We test the trained residual network with the newly-generated data with the parameters sampled from the same distributions as one of the training data. Figure 5 is the scatter plot comparing the true values with the predicted values. We can see that the neural network can recover the true values reasonably well.

In order to evaluate the performance quantitatively, let us define the average and standard deviations of the error as

	$\displaystyle\overline{\delta Q}$	$\displaystyle\coloneqq\frac{1}{N}\sum_{n=1}^{N}\left(Q^{\mathrm{pred}}_{n}-Q^{\mathrm{true}}_{n}\right)\,,$		(34)
	$\displaystyle\sigma[\delta Q]$	$\displaystyle\coloneqq\sqrt{\frac{1}{N}\sum_{n=1}^{N}\left(Q^{\mathrm{pred}}_{n}-Q^{\mathrm{true}}_{n}\right)^{2}}\,,$		(35)

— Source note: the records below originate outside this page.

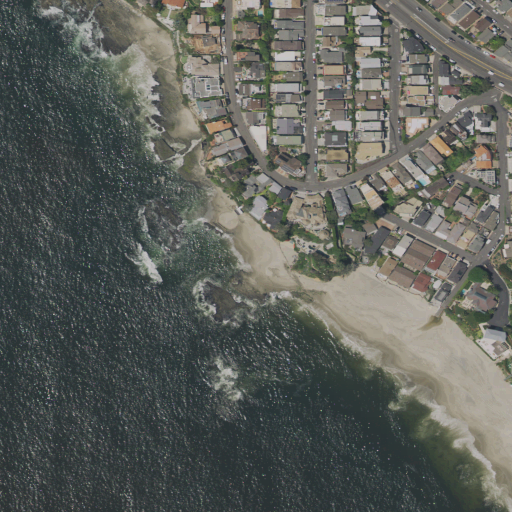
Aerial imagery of cape in California named Sugarloaf Point containing open water, medium intensity development, high intensity development, and low intensity development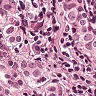
Metastatic tissue present: yes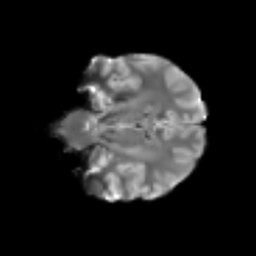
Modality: T2w
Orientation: coronal
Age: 25
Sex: female
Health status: healthy
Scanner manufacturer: siemens
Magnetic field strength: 3 T
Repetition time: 3.6 s
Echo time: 0.0964 s
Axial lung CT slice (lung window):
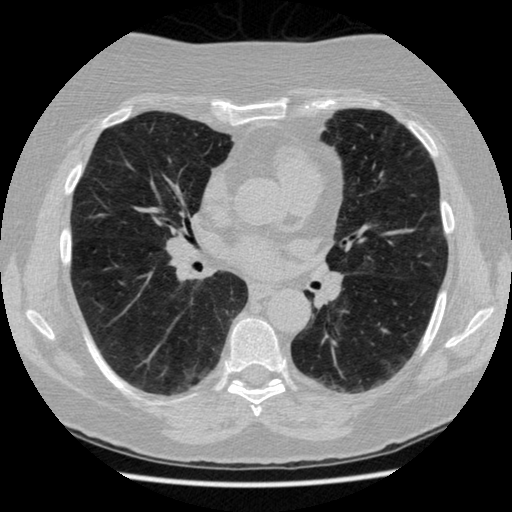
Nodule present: no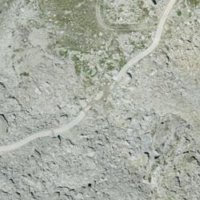
EUNIS habitat code: 48
Species observed at this site:
Saxifraga bryoides
Ranunculus glacialis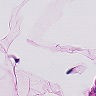
Metastatic tissue present: no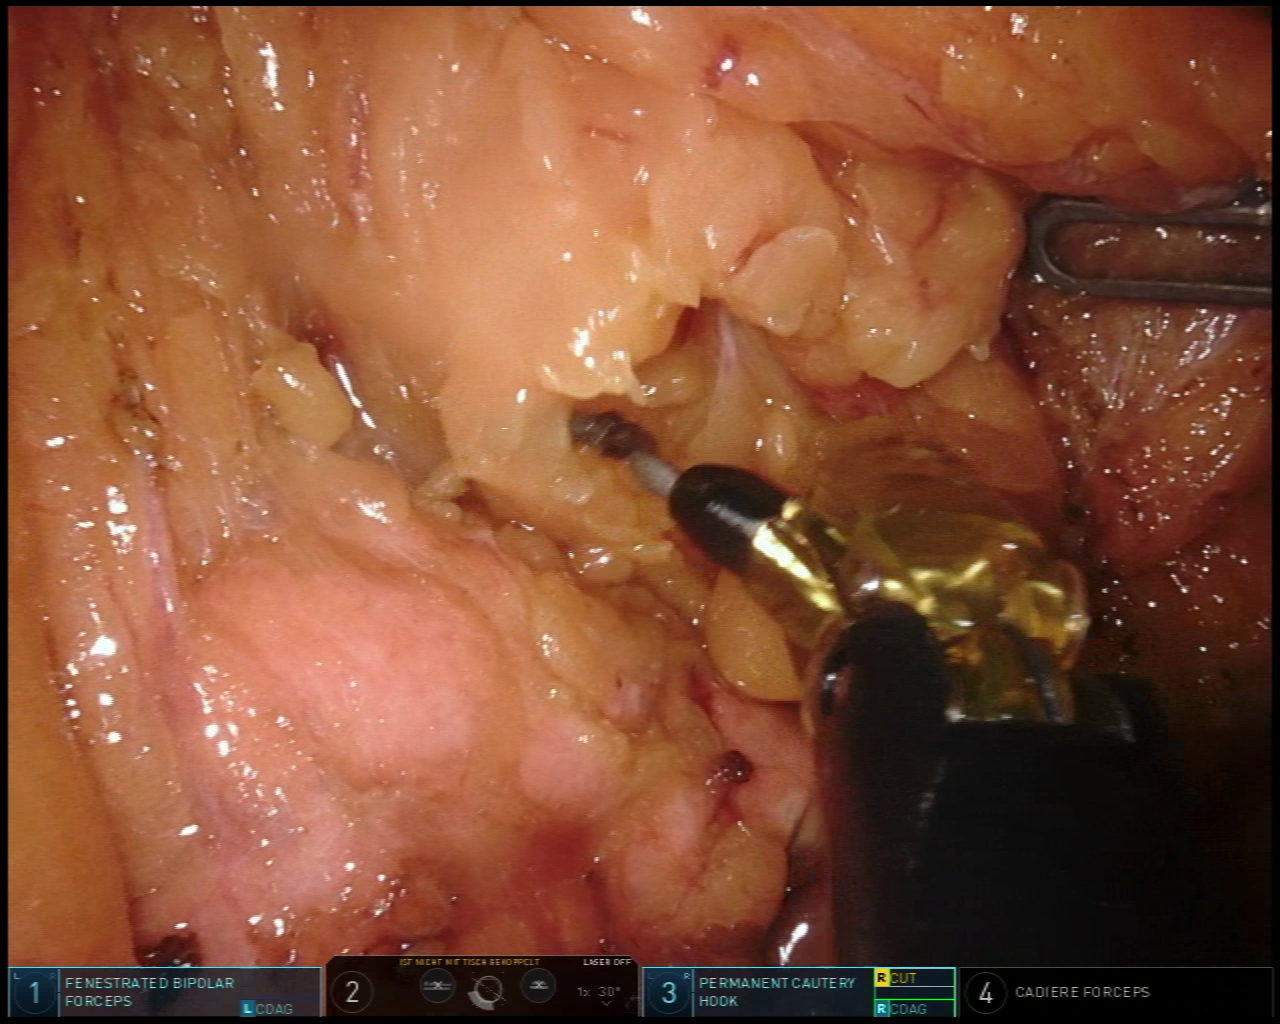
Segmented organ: pancreas
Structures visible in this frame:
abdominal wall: no
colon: no
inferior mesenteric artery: no
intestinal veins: no
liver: no
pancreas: yes
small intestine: no
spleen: no
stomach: no
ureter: no
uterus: no
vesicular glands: no

where $N$ is the number of the test data, $Q^{\mathrm{pred}}_{n}$ and $Q^{\mathrm{true}}_{n}$ are respectively the predicted value and the true value of the quantity $Q=\{\log_{10}\xi,\rho\}$ of the $n$ th test data. Table. 5 shows $\overline{\delta Q}$ and $\sigma[\delta Q]$ obtained by using 500 test data. The duty cycle and SNR are randomly sampled from a uniform distribution on $\log_{10}\xi\in[-2,0]$ and $\rho\in[1,60]$ . For both the duty cycle and the SNR, $\overline{\delta Q}$ is much smaller than $\sigma[\delta Q]$ . From this, we can conclude that the neural network predicts the duty cycle and the SNR without bias.

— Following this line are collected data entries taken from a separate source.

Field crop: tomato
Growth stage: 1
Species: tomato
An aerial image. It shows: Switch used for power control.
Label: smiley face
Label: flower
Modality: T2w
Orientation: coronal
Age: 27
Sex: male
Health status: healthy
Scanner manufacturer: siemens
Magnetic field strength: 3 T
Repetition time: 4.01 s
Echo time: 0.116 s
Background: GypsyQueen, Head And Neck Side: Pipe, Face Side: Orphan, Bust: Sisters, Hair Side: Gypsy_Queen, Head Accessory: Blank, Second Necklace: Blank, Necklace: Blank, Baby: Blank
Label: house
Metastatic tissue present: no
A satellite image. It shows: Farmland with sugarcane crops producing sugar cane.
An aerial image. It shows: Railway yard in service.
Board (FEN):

Table 5: Averages and standard deviations of errors in

\log_{10}\xi

and

\rho

$\overline{\delta\log_{10}\xi}$	$\sigma[\delta\log_{10}\xi]$	$\overline{\delta\rho}$	$\sigma[\delta\rho]$
$-1.29\times 10^{-5}$	0.11	$-8.90\times 10^{-2}$	2.97

To further check the performance in detail, in the left panel of Fig. 6, we plot the average errors of $\log_{10}\xi$ (top) and $\rho$ (bottom) for different fiducial parameter values. The error bars indicate their standard deviations. To make this plot, we sample $\log_{10}\xi$ from $-2$ to $0$ by the interval of $0.5$ . For each duty cycle, we prepare datasets with SNR $10$ , $30$ , and $50$ . Each dataset contains $500$ realizations. Note that we do not use the relative error for $\log_{10}\xi$ because the target value can be close to zero, which causes divergence in the relative error. First, we find from both left panels that the error variance reasonably increases as the SNR decreases. The estimation of the duty cycle and SNR seems not to be biased except when the fiducial value is at the border of the training range ( $\log_{10}\xi=0$ and $-2$ ), and the SNR is small ( $\rho=10$ ).

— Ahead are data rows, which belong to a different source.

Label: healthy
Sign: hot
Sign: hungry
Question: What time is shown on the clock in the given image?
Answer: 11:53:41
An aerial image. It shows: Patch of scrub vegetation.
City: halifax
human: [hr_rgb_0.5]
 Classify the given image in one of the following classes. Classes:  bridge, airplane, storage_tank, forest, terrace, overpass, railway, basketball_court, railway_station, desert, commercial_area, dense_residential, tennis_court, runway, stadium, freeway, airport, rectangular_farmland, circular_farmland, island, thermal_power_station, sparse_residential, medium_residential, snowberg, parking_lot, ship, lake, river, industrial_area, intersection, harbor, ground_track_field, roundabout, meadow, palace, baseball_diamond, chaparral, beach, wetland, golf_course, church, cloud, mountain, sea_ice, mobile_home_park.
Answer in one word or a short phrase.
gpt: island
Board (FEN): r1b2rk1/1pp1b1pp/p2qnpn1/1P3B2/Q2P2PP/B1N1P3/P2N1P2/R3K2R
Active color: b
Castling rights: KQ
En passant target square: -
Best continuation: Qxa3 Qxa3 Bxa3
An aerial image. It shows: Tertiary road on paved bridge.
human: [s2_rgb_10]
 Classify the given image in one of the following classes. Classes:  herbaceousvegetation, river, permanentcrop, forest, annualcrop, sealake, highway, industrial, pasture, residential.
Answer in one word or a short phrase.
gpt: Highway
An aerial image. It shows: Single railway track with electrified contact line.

In the right panels of Fig. 6, we show the results in which we include lower values of the duty cycle for the training, $\log_{10}\xi\in[-4,0]$ . We find that the error variances of both the duty cycle and the SNR significantly increase as the duty cycle decreases for $\log_{10}\xi\lesssim-3$ . For the duty cycle, the systematic bias is smaller than the variance. On the other hand, for the SNR, we find a clear bias that the neural network tends to output a larger SNR than the true value when $\rho=10$ and a smaller SNR when $\rho=50$ . We find from test runs that such biases tend to increase when we use a shorter data length. From this, we can infer that the bias arises because the data length is too short. In fact, with the data length of $N=10^{4}$ used throughout this paper, the burst can be absent in the strain data for $\xi\sim 10^{-4}$ .

V.2 Second approach: Classification problem

As a second approach, we consider the classification problem. we divide the range of duty cycle values into four categories and assign the class index as the following

\textrm{class index}=\begin{cases}1&(-1\leq\log_{10}\xi<0)\\ 2&(-2\leq\log_{10}\xi<-1)\\ 3&(-3\leq\log_{10}\xi<-2)\\ 4&(-4\leq\log_{10}\xi<-3)\,.\end{cases}

(36)

Again, we use the residual network with the structure shown in Table. 3 and Fig. 3, but the last fully connected layer and the softmax layer are modified to have four-dimensional outputs.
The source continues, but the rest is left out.